-- Opening Marker --
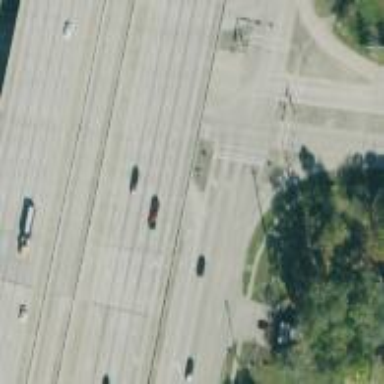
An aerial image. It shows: Secondary link road.
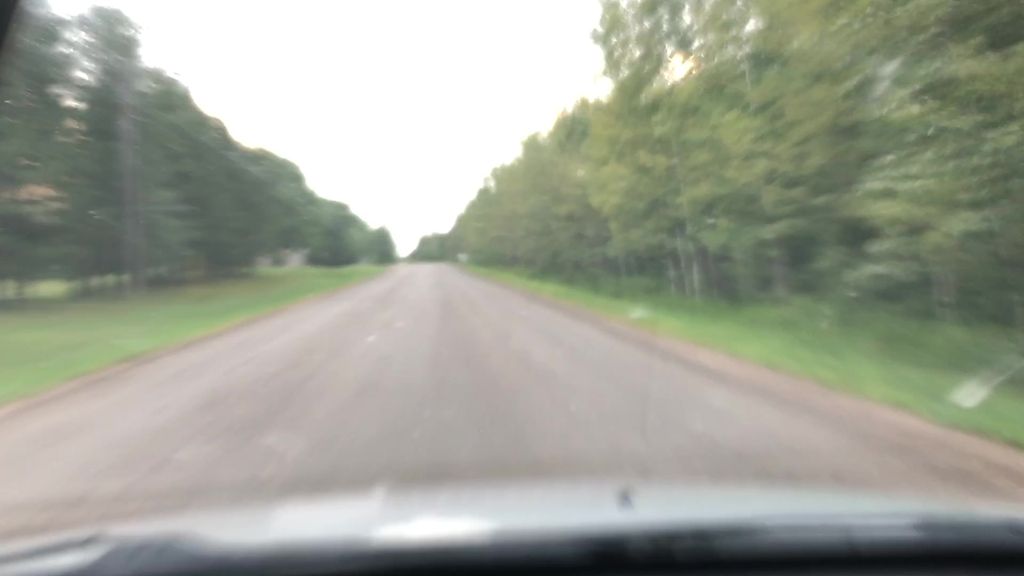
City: edmonton
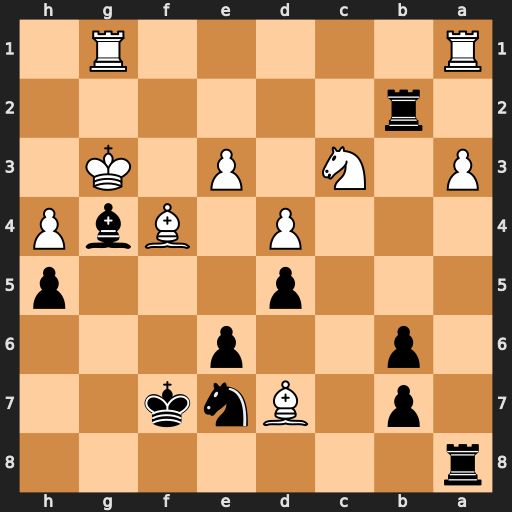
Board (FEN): r7/1p1Bnk2/1p2p3/3p3p/3P1BbP/P1N1P1K1/1r6/R5R1
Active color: b
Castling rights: -
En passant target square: -
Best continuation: Nf5#
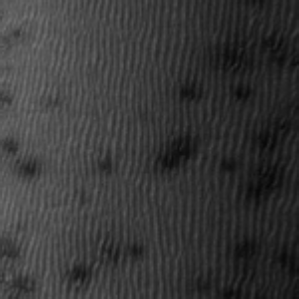
Label: frost
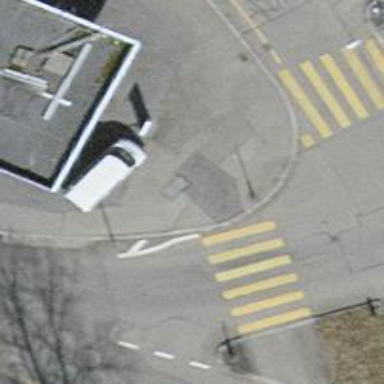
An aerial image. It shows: Asphalt sidewalk along the footway.
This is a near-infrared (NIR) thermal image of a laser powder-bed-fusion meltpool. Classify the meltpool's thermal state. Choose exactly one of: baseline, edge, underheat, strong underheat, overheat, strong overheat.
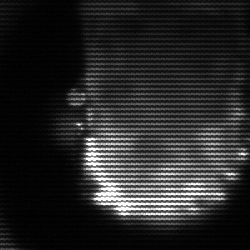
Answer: baseline
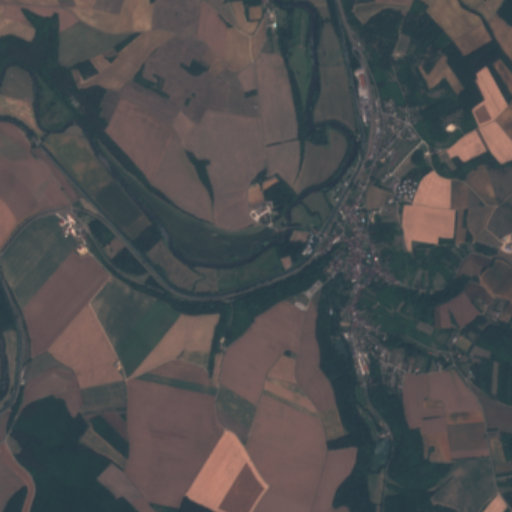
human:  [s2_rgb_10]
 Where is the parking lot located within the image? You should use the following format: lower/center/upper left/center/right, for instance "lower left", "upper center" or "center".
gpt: The parking lot is located in the center right of the image.
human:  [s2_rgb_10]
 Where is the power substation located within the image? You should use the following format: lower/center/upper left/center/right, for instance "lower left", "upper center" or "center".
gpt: The power substation is located in the center left of the image.
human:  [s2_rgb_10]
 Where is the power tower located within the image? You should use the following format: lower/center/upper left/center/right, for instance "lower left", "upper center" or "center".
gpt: There is no power tower in the image.
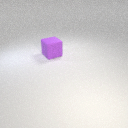
large purple rubber cube
-- Closing Marker --
[Exercise aim]:
Omit the pictures; set down each record exactly.

[Solution for this problem]:
An aerial image. It shows: Secondary link road.
City: edmonton
Board (FEN): r7/1p1Bnk2/1p2p3/3p3p/3P1BbP/P1N1P1K1/1r6/R5R1
Active color: b
Castling rights: -
En passant target square: -
Best continuation: Nf5#
Label: frost
An aerial image. It shows: Asphalt sidewalk along the footway.
This is a near-infrared (NIR) thermal image of a laser powder-bed-fusion meltpool. Classify the meltpool's thermal state. Choose exactly one of: baseline, edge, underheat, strong underheat, overheat, strong overheat.
Answer: baseline
human:  [s2_rgb_10]
 Where is the parking lot located within the image? You should use the following format: lower/center/upper left/center/right, for instance "lower left", "upper center" or "center".
gpt: The parking lot is located in the center right of the image.
human:  [s2_rgb_10]
 Where is the power substation located within the image? You should use the following format: lower/center/upper left/center/right, for instance "lower left", "upper center" or "center".
gpt: The power substation is located in the center left of the image.
human:  [s2_rgb_10]
 Where is the power tower located within the image? You should use the following format: lower/center/upper left/center/right, for instance "lower left", "upper center" or "center".
gpt: There is no power tower in the image.
large purple rubber cube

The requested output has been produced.